Google hat ein unglaublich umfangreiches und stellenweise
auch sehr gutes Angebot. Sicherlich ein Grund, warum sie
bei den Suchmaschinen und einigen anderen
Dienstleistungen im Netz nahezu eine Monopolstellung inne
haben. Das heißt aber nicht, dass man sich nicht auch mal
nach Alternativen umsehen darf. Gerade auch, weil
Gerüchte um nicht ganz korrektes Handling privater Daten
bei Google immer wieder die Runde machen. Bis jetzt
konnte das jedoch nicht nachgewiesen werden. Zwei
Alternativen werden an dieser Stelle vorgestellt.

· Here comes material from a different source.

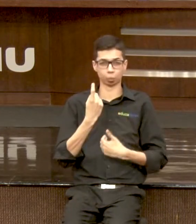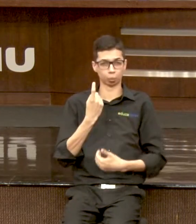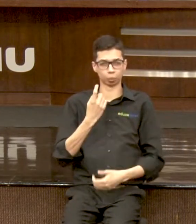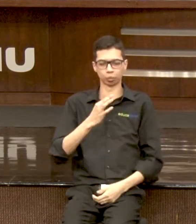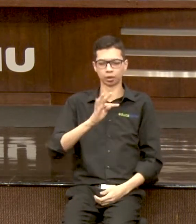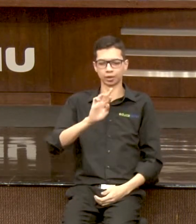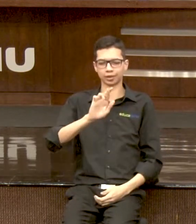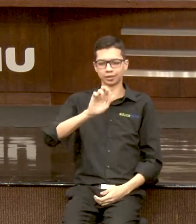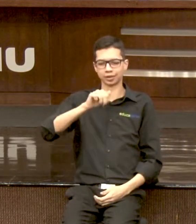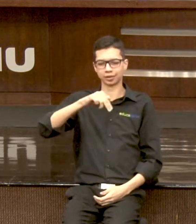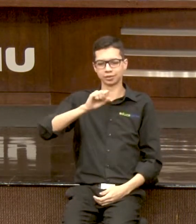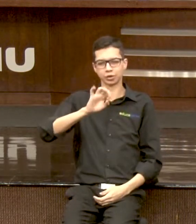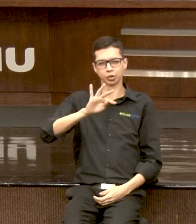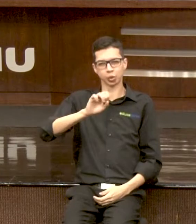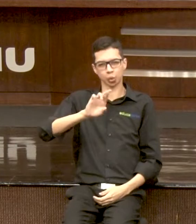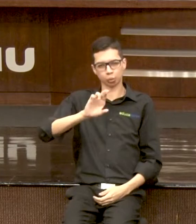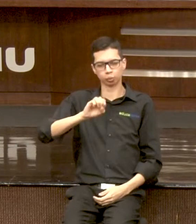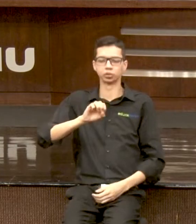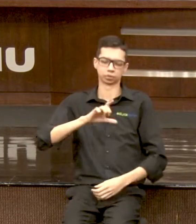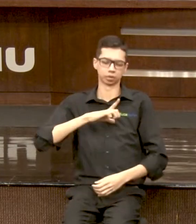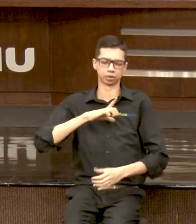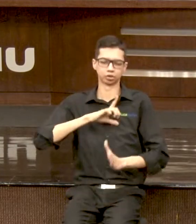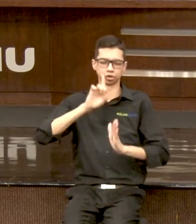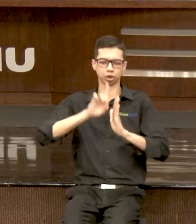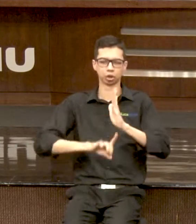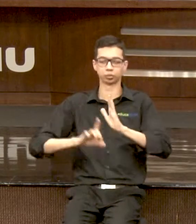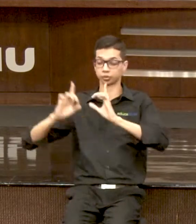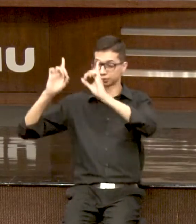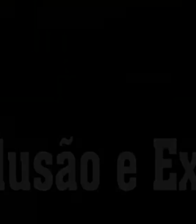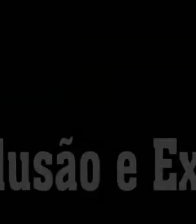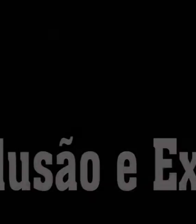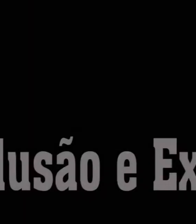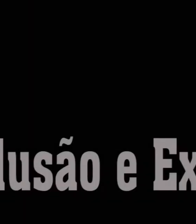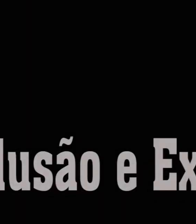mesmos direitos que a pessoa com deficiência.

Mit der Suchmaschine Regenwald retten
Das hat sich die Suchmaschine Forestle zur
Aufgabe gemacht. Wie funktionierts? Ähnlich wie es bei
Google auch gemacht wird. Geld kommt in den Laden durch
Klicks auf Werbungen, die in der rechten Spalte neben den
Suchergebnissen angezeigt werden. Und dieses Geld wird,
in Zusammenarbeit mit
The
Nature Conservancy, in den Kauf von Regenwaldfläche
investiert, die so vor Abholzung geschützt werden
soll.
Ursprünglich hat Forestle mit Google kooperiert. Aber
dann kam es zu Streitereien. Google hat Forestle
vorgeworfen, die User dazu animiert zu haben, auch auf
Werbung zu klicken, die sie nicht interessiert. Um so
mehr Geld zu verdienen. Das entspricht nicht den
AdSense-Richtlinien von Google. Google kündigte also
die Zusammenarbeit. Wer in diesem Streit Recht hatte,
kann ich nicht beurteilen. Forestle macht jetzt auf der
eigenen Seite deutlich, dass solches Schinden von
Werbeklicks nicht gewünscht ist. Mittlerweile besteht
eine Zusammenarbeit mit Yahoo. Erste Tests meinerseits
haben gute Suchergebnisse geliefert. Das Projekt wirkt
ziemlich glaubwürdig. Nach Angaben von Forestle sichert
jede Suchanfrage 0,1 m² Regenwaldfläche. Als Suchfenster in den Browser kann man es auch
integrieren.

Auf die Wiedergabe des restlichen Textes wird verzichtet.